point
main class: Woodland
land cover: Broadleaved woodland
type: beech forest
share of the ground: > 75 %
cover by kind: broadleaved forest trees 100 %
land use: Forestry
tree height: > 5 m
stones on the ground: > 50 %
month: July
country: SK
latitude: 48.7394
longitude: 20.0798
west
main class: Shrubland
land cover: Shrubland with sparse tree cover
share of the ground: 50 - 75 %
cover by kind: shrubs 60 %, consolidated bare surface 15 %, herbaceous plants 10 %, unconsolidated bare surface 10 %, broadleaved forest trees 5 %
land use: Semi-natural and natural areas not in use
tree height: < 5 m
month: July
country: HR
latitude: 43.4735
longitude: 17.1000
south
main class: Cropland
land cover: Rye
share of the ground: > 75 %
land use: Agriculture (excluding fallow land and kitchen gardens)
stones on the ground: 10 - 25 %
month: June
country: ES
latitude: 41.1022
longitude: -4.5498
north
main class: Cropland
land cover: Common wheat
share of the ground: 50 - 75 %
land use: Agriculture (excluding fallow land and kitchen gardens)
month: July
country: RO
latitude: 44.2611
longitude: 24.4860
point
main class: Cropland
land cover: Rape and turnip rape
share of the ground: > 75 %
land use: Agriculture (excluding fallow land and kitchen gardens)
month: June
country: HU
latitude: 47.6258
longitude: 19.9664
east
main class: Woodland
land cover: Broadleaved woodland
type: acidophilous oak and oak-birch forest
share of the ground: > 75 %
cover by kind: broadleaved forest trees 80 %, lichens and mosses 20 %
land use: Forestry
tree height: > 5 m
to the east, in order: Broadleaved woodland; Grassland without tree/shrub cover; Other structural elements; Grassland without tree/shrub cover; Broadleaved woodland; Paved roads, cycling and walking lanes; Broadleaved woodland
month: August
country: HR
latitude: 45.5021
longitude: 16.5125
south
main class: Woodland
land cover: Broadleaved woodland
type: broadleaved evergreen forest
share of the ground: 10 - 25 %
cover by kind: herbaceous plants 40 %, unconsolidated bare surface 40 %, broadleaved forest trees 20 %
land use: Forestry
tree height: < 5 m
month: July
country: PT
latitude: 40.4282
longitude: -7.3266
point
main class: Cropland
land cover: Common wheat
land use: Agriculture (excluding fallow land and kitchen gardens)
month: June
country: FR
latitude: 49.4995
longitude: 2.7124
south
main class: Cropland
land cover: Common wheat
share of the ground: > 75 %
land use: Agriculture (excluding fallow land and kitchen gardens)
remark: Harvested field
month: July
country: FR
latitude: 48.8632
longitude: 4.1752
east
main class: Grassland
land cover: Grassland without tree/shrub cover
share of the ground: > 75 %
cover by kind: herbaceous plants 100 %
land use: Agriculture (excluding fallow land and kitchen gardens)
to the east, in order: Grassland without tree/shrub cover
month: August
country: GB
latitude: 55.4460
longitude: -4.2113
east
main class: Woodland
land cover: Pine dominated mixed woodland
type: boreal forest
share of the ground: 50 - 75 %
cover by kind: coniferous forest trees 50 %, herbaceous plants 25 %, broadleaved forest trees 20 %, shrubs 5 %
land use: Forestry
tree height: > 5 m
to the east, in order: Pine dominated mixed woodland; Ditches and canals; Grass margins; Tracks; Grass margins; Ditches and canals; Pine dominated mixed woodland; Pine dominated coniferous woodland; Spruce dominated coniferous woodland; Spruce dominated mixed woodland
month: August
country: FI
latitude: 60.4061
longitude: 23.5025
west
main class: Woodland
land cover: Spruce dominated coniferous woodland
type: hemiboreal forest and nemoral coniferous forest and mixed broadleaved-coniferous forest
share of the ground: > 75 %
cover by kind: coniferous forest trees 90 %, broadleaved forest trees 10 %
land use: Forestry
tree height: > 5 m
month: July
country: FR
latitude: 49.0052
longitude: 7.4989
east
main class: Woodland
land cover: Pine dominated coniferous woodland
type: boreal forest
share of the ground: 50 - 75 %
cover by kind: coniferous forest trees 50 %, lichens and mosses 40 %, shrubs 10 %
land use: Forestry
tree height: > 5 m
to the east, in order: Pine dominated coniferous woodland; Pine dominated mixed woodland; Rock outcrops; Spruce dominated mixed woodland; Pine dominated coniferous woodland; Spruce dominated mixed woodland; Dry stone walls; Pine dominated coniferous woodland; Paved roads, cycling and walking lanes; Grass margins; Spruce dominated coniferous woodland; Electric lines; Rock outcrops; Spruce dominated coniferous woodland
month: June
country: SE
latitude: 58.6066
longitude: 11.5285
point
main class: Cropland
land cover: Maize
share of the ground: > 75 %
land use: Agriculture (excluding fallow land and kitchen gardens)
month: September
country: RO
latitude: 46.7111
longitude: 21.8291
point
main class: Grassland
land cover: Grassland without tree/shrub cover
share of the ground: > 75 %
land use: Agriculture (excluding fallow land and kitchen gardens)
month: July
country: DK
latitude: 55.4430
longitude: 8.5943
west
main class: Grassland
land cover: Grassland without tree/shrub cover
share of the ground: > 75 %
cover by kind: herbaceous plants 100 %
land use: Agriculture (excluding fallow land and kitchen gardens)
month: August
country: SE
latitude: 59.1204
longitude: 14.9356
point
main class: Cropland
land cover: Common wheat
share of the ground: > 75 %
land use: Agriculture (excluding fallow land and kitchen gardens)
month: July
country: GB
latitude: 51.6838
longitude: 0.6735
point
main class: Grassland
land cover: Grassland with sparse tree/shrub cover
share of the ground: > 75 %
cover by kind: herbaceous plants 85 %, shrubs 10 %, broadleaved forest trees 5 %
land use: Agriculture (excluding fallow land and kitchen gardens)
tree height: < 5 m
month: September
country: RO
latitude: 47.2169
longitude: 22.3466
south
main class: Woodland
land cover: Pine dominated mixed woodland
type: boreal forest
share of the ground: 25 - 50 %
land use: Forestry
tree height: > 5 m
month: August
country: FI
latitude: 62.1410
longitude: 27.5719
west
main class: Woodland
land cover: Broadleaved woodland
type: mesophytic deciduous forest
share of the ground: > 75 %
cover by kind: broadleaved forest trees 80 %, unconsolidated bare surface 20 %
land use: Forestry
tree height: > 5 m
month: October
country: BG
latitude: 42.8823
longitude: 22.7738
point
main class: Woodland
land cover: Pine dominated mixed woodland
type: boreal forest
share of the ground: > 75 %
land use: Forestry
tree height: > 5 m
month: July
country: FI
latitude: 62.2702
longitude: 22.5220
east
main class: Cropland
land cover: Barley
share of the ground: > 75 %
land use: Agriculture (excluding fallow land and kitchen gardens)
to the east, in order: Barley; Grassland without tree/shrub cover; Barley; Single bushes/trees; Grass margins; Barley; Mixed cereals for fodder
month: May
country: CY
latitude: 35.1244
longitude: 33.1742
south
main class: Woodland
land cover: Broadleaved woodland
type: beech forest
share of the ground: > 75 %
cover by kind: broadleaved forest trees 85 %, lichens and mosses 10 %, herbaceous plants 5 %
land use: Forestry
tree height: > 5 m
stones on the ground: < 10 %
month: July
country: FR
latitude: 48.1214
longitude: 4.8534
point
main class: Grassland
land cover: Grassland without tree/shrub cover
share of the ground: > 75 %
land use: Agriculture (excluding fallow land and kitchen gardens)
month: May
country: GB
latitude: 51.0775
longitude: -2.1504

▶ Problem statement: Each record above should be retyped in full, exactly as shown.

▶ Answer to this exercise:
point
main class: Woodland
land cover: Broadleaved woodland
type: beech forest
share of the ground: > 75 %
cover by kind: broadleaved forest trees 100 %
land use: Forestry
tree height: > 5 m
stones on the ground: > 50 %
month: July
country: SK
latitude: 48.7394
longitude: 20.0798
west
main class: Shrubland
land cover: Shrubland with sparse tree cover
share of the ground: 50 - 75 %
cover by kind: shrubs 60 %, consolidated bare surface 15 %, herbaceous plants 10 %, unconsolidated bare surface 10 %, broadleaved forest trees 5 %
land use: Semi-natural and natural areas not in use
tree height: < 5 m
month: July
country: HR
latitude: 43.4735
longitude: 17.1000
south
main class: Cropland
land cover: Rye
share of the ground: > 75 %
land use: Agriculture (excluding fallow land and kitchen gardens)
stones on the ground: 10 - 25 %
month: June
country: ES
latitude: 41.1022
longitude: -4.5498
north
main class: Cropland
land cover: Common wheat
share of the ground: 50 - 75 %
land use: Agriculture (excluding fallow land and kitchen gardens)
month: July
country: RO
latitude: 44.2611
longitude: 24.4860
point
main class: Cropland
land cover: Rape and turnip rape
share of the ground: > 75 %
land use: Agriculture (excluding fallow land and kitchen gardens)
month: June
country: HU
latitude: 47.6258
longitude: 19.9664
east
main class: Woodland
land cover: Broadleaved woodland
type: acidophilous oak and oak-birch forest
share of the ground: > 75 %
cover by kind: broadleaved forest trees 80 %, lichens and mosses 20 %
land use: Forestry
tree height: > 5 m
to the east, in order: Broadleaved woodland; Grassland without tree/shrub cover; Other structural elements; Grassland without tree/shrub cover; Broadleaved woodland; Paved roads, cycling and walking lanes; Broadleaved woodland
month: August
country: HR
latitude: 45.5021
longitude: 16.5125
south
main class: Woodland
land cover: Broadleaved woodland
type: broadleaved evergreen forest
share of the ground: 10 - 25 %
cover by kind: herbaceous plants 40 %, unconsolidated bare surface 40 %, broadleaved forest trees 20 %
land use: Forestry
tree height: < 5 m
month: July
country: PT
latitude: 40.4282
longitude: -7.3266
point
main class: Cropland
land cover: Common wheat
land use: Agriculture (excluding fallow land and kitchen gardens)
month: June
country: FR
latitude: 49.4995
longitude: 2.7124
south
main class: Cropland
land cover: Common wheat
share of the ground: > 75 %
land use: Agriculture (excluding fallow land and kitchen gardens)
remark: Harvested field
month: July
country: FR
latitude: 48.8632
longitude: 4.1752
east
main class: Grassland
land cover: Grassland without tree/shrub cover
share of the ground: > 75 %
cover by kind: herbaceous plants 100 %
land use: Agriculture (excluding fallow land and kitchen gardens)
to the east, in order: Grassland without tree/shrub cover
month: August
country: GB
latitude: 55.4460
longitude: -4.2113
east
main class: Woodland
land cover: Pine dominated mixed woodland
type: boreal forest
share of the ground: 50 - 75 %
cover by kind: coniferous forest trees 50 %, herbaceous plants 25 %, broadleaved forest trees 20 %, shrubs 5 %
land use: Forestry
tree height: > 5 m
to the east, in order: Pine dominated mixed woodland; Ditches and canals; Grass margins; Tracks; Grass margins; Ditches and canals; Pine dominated mixed woodland; Pine dominated coniferous woodland; Spruce dominated coniferous woodland; Spruce dominated mixed woodland
month: August
country: FI
latitude: 60.4061
longitude: 23.5025
west
main class: Woodland
land cover: Spruce dominated coniferous woodland
type: hemiboreal forest and nemoral coniferous forest and mixed broadleaved-coniferous forest
share of the ground: > 75 %
cover by kind: coniferous forest trees 90 %, broadleaved forest trees 10 %
land use: Forestry
tree height: > 5 m
month: July
country: FR
latitude: 49.0052
longitude: 7.4989
east
main class: Woodland
land cover: Pine dominated coniferous woodland
type: boreal forest
share of the ground: 50 - 75 %
cover by kind: coniferous forest trees 50 %, lichens and mosses 40 %, shrubs 10 %
land use: Forestry
tree height: > 5 m
to the east, in order: Pine dominated coniferous woodland; Pine dominated mixed woodland; Rock outcrops; Spruce dominated mixed woodland; Pine dominated coniferous woodland; Spruce dominated mixed woodland; Dry stone walls; Pine dominated coniferous woodland; Paved roads, cycling and walking lanes; Grass margins; Spruce dominated coniferous woodland; Electric lines; Rock outcrops; Spruce dominated coniferous woodland
month: June
country: SE
latitude: 58.6066
longitude: 11.5285
point
main class: Cropland
land cover: Maize
share of the ground: > 75 %
land use: Agriculture (excluding fallow land and kitchen gardens)
month: September
country: RO
latitude: 46.7111
longitude: 21.8291
point
main class: Grassland
land cover: Grassland without tree/shrub cover
share of the ground: > 75 %
land use: Agriculture (excluding fallow land and kitchen gardens)
month: July
country: DK
latitude: 55.4430
longitude: 8.5943
west
main class: Grassland
land cover: Grassland without tree/shrub cover
share of the ground: > 75 %
cover by kind: herbaceous plants 100 %
land use: Agriculture (excluding fallow land and kitchen gardens)
month: August
country: SE
latitude: 59.1204
longitude: 14.9356
point
main class: Cropland
land cover: Common wheat
share of the ground: > 75 %
land use: Agriculture (excluding fallow land and kitchen gardens)
month: July
country: GB
latitude: 51.6838
longitude: 0.6735
point
main class: Grassland
land cover: Grassland with sparse tree/shrub cover
share of the ground: > 75 %
cover by kind: herbaceous plants 85 %, shrubs 10 %, broadleaved forest trees 5 %
land use: Agriculture (excluding fallow land and kitchen gardens)
tree height: < 5 m
month: September
country: RO
latitude: 47.2169
longitude: 22.3466
south
main class: Woodland
land cover: Pine dominated mixed woodland
type: boreal forest
share of the ground: 25 - 50 %
land use: Forestry
tree height: > 5 m
month: August
country: FI
latitude: 62.1410
longitude: 27.5719
west
main class: Woodland
land cover: Broadleaved woodland
type: mesophytic deciduous forest
share of the ground: > 75 %
cover by kind: broadleaved forest trees 80 %, unconsolidated bare surface 20 %
land use: Forestry
tree height: > 5 m
month: October
country: BG
latitude: 42.8823
longitude: 22.7738
point
main class: Woodland
land cover: Pine dominated mixed woodland
type: boreal forest
share of the ground: > 75 %
land use: Forestry
tree height: > 5 m
month: July
country: FI
latitude: 62.2702
longitude: 22.5220
east
main class: Cropland
land cover: Barley
share of the ground: > 75 %
land use: Agriculture (excluding fallow land and kitchen gardens)
to the east, in order: Barley; Grassland without tree/shrub cover; Barley; Single bushes/trees; Grass margins; Barley; Mixed cereals for fodder
month: May
country: CY
latitude: 35.1244
longitude: 33.1742
south
main class: Woodland
land cover: Broadleaved woodland
type: beech forest
share of the ground: > 75 %
cover by kind: broadleaved forest trees 85 %, lichens and mosses 10 %, herbaceous plants 5 %
land use: Forestry
tree height: > 5 m
stones on the ground: < 10 %
month: July
country: FR
latitude: 48.1214
longitude: 4.8534
point
main class: Grassland
land cover: Grassland without tree/shrub cover
share of the ground: > 75 %
land use: Agriculture (excluding fallow land and kitchen gardens)
month: May
country: GB
latitude: 51.0775
longitude: -2.1504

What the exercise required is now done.